因为味道太过浓郁,她又忍不住闭上眼打了个喷嚏。
“三生!你终于醒了啊!”沈乔惊喜的声音传来,“没想到慕夕雪说的方法还真有用,你现在感觉怎么样?有没有哪里不舒服?”
沈乔絮絮叨叨的话语化成一道道嗡鸣,半点没入路三生的耳中,她只觉得脑袋昏沉,像是被人当头敲了一棒。
“沈乔,嘶——”
路三生艰难地抬手,因为不甚牵扯到伤口而忍不住低呼了一声,下一瞬旁边便伸来一只手,帮她抬起受伤的那只手。

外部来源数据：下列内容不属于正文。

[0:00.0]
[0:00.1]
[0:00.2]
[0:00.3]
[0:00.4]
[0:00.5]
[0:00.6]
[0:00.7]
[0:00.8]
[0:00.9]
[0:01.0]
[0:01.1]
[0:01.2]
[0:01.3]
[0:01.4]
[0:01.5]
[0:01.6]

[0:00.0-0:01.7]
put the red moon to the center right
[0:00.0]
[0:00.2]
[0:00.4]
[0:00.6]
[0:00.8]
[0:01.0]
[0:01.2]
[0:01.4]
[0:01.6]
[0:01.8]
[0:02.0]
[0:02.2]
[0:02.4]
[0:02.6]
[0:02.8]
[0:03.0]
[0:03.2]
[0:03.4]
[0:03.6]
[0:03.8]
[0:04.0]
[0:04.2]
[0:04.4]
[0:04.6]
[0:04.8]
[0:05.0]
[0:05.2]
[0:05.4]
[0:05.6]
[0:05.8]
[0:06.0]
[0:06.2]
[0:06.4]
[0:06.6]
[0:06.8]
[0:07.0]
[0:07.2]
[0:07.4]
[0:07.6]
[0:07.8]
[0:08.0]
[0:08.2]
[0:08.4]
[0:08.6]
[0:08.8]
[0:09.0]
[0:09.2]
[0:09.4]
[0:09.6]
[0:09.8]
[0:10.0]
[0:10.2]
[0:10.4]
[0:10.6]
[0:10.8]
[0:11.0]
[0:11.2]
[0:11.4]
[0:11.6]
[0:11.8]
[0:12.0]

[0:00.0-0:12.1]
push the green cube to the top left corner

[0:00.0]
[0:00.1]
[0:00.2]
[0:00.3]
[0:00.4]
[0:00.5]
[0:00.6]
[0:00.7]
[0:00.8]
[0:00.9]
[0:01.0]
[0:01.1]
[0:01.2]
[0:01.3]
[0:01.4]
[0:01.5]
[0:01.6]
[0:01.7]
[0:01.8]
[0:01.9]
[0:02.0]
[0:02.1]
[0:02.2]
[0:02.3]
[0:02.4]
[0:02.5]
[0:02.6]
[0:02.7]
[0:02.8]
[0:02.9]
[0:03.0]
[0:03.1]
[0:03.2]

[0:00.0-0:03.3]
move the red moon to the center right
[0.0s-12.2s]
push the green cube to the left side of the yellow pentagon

“刚换过纱布,别乱动。”欧阳黎提醒道,“要坐起来吗?”
“欧阳黎?”
路三生一愣,往身旁看去,耳边嘈杂的声响如潮水般褪去,她眨了眨眼,终于从云端飘回了现实。
“你怎么……”路三生话一出口便顿住。
欧阳黎是躺在她身边的,看样子已经跟她同床许久了。意识到这一点后,路三生脸上顿时泛出点红。
“你怎么在这儿?”
“你不让我走,我也舍不得走啊。”欧阳黎学着路三生的样子眨眨眼,然后往后退了退,露出了自己被紧攥着的衣角。
“……”路三生发现那只手好像是自己的。
“咳,不好意思。”路三生连忙缩回手,一手撑着床铺要坐起身,一边转移了话题,“这是哪儿?”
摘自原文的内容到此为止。